» Assignment: Starting at the first line of the listing below, repeat each line up to and including the one containing "56.5,9.47 59,3.86 60,2L60". Leave out pictures.

» Records for the exercise:
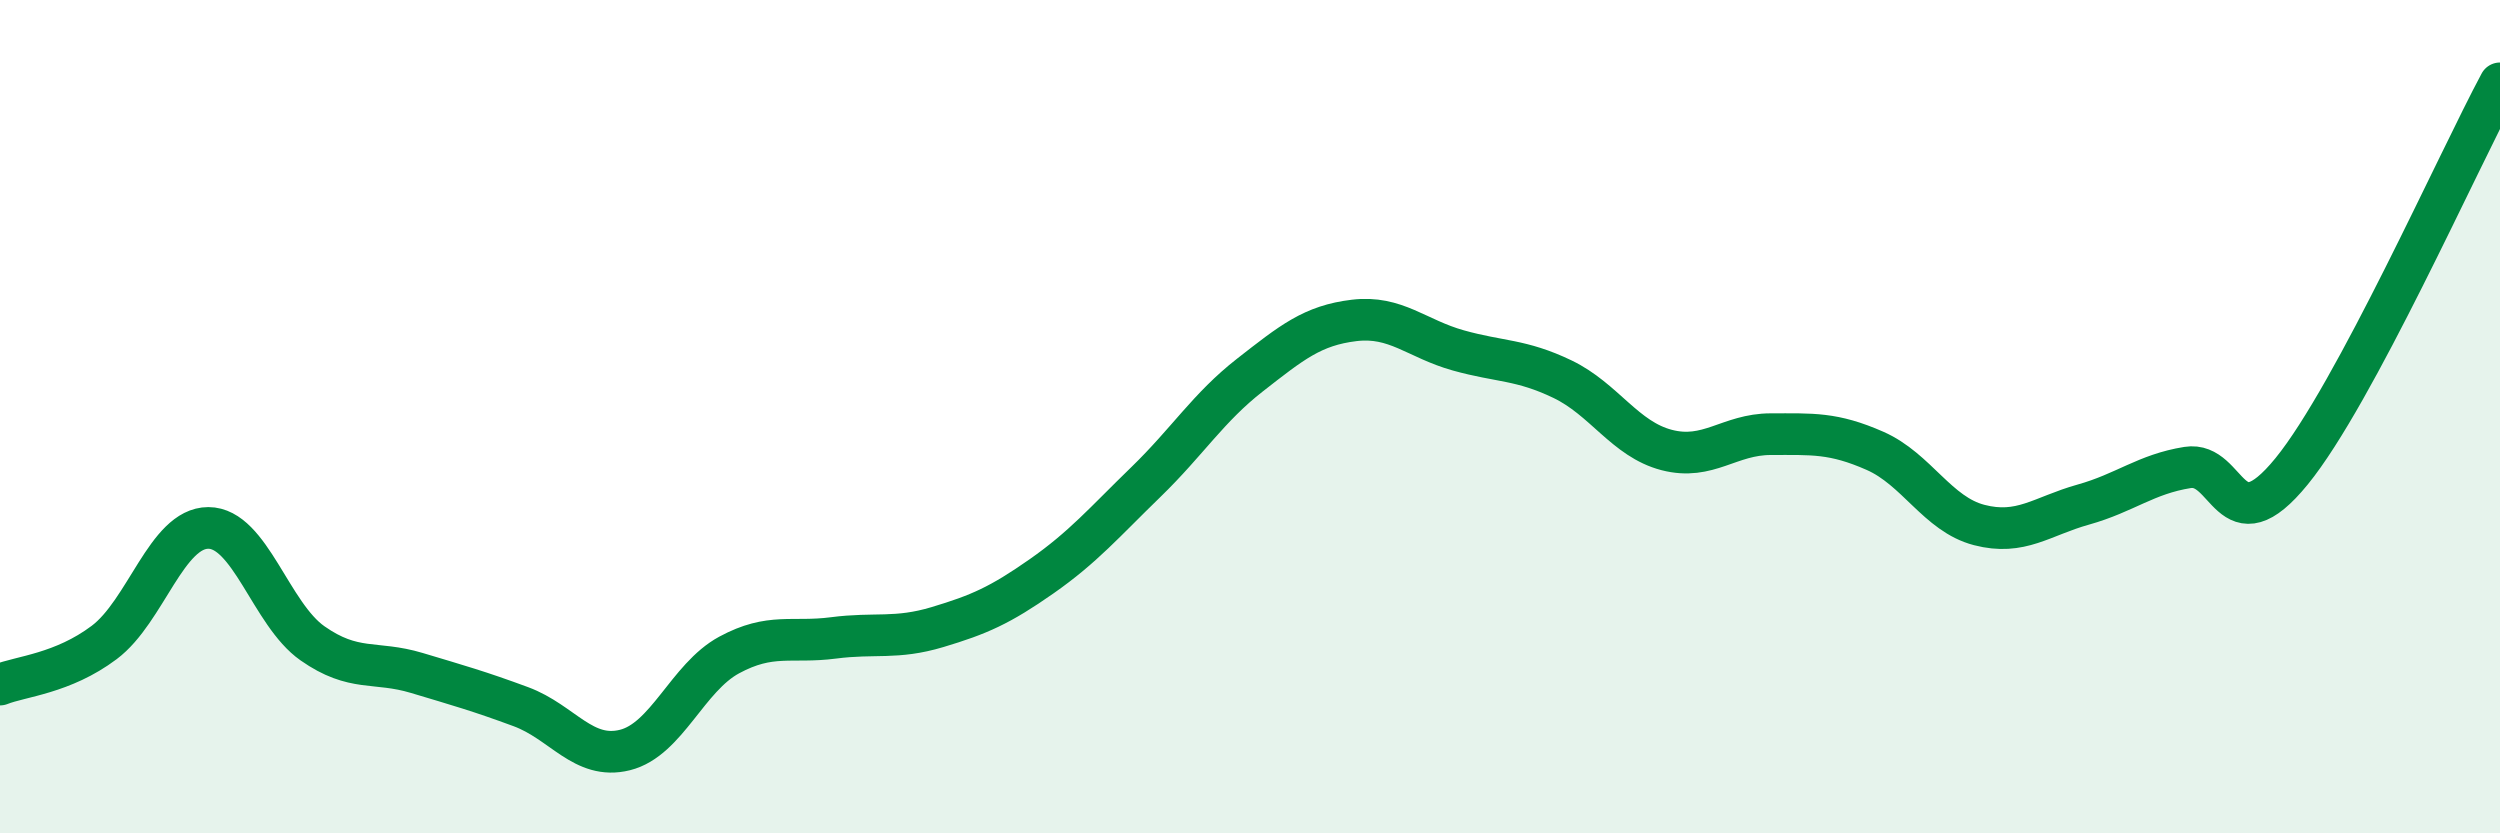 
    <svg width="60" height="20" viewBox="0 0 60 20" xmlns="http://www.w3.org/2000/svg">
      <path
        d="M 0,16.43 C 0.5,16.23 1.5,16.17 2.5,15.42 C 3.5,14.67 4,12.67 5,12.67 C 6,12.67 6.5,14.74 7.5,15.44 C 8.5,16.14 9,15.85 10,16.15 C 11,16.45 11.5,16.59 12.5,16.96 C 13.5,17.33 14,18.25 15,18 C 16,17.75 16.5,16.26 17.5,15.72 C 18.5,15.18 19,15.44 20,15.31 C 21,15.18 21.5,15.35 22.5,15.05 C 23.5,14.75 24,14.53 25,13.83 C 26,13.13 26.5,12.54 27.5,11.57 C 28.5,10.6 29,9.78 30,9 C 31,8.22 31.5,7.81 32.5,7.69 C 33.5,7.57 34,8.13 35,8.41 C 36,8.69 36.5,8.62 37.5,9.1 C 38.5,9.58 39,10.54 40,10.8 C 41,11.06 41.5,10.42 42.5,10.42 C 43.5,10.42 44,10.38 45,10.82 C 46,11.26 46.5,12.34 47.5,12.6 C 48.5,12.86 49,12.39 50,12.11 C 51,11.83 51.5,11.38 52.5,11.22 C 53.5,11.06 53.5,13.15 55,11.31 C 56.5,9.47 59,3.86 60,2L60 20L0 20Z"
        fill="#008740"
        opacity="0.1"
        stroke-linecap="round"
        stroke-linejoin="round"
      />
      <path
        d="M 0,16.43 C 0.5,16.23 1.5,16.17 2.5,15.42 C 3.5,14.67 4,12.67 5,12.67 C 6,12.67 6.5,14.74 7.5,15.44 C 8.5,16.14 9,15.85 10,16.15 C 11,16.45 11.5,16.59 12.5,16.96 C 13.5,17.33 14,18.25 15,18 C 16,17.75 16.5,16.26 17.5,15.72 C 18.5,15.18 19,15.44 20,15.31 C 21,15.18 21.5,15.35 22.5,15.05 C 23.5,14.75 24,14.53 25,13.83 C 26,13.13 26.5,12.54 27.5,11.57 C 28.5,10.6 29,9.78 30,9 C 31,8.22 31.5,7.81 32.5,7.69 C 33.5,7.57 34,8.13 35,8.41 C 36,8.69 36.5,8.62 37.5,9.1 C 38.5,9.58 39,10.54 40,10.8 C 41,11.06 41.5,10.42 42.5,10.42 C 43.5,10.42 44,10.38 45,10.82 C 46,11.26 46.5,12.34 47.5,12.6 C 48.5,12.86 49,12.39 50,12.11 C 51,11.83 51.5,11.38 52.5,11.22 C 53.5,11.06 53.5,13.15 55,11.31 C 56.5,9.47 59,3.86 60,2"
        stroke="#008740"
        stroke-width="1"
        fill="none"
        stroke-linecap="round"
        stroke-linejoin="round"
      />
    </svg>

» Expected answer:
    <svg width="60" height="20" viewBox="0 0 60 20" xmlns="http://www.w3.org/2000/svg">
      <path
        d="M 0,16.43 C 0.5,16.23 1.5,16.17 2.5,15.42 C 3.5,14.67 4,12.67 5,12.67 C 6,12.67 6.5,14.74 7.5,15.44 C 8.5,16.14 9,15.85 10,16.15 C 11,16.45 11.5,16.59 12.5,16.96 C 13.5,17.33 14,18.25 15,18 C 16,17.75 16.5,16.26 17.5,15.72 C 18.5,15.18 19,15.44 20,15.31 C 21,15.18 21.5,15.35 22.5,15.05 C 23.5,14.75 24,14.53 25,13.83 C 26,13.13 26.5,12.54 27.5,11.57 C 28.5,10.6 29,9.78 30,9 C 31,8.22 31.5,7.81 32.5,7.69 C 33.5,7.57 34,8.13 35,8.41 C 36,8.69 36.5,8.62 37.5,9.1 C 38.5,9.58 39,10.54 40,10.8 C 41,11.06 41.5,10.42 42.5,10.42 C 43.5,10.42 44,10.38 45,10.82 C 46,11.26 46.5,12.34 47.5,12.6 C 48.5,12.86 49,12.39 50,12.11 C 51,11.83 51.5,11.38 52.5,11.22 C 53.5,11.06 53.5,13.15 55,11.31 C 56.5,9.47 59,3.86 60,2L60 20L0 20Z"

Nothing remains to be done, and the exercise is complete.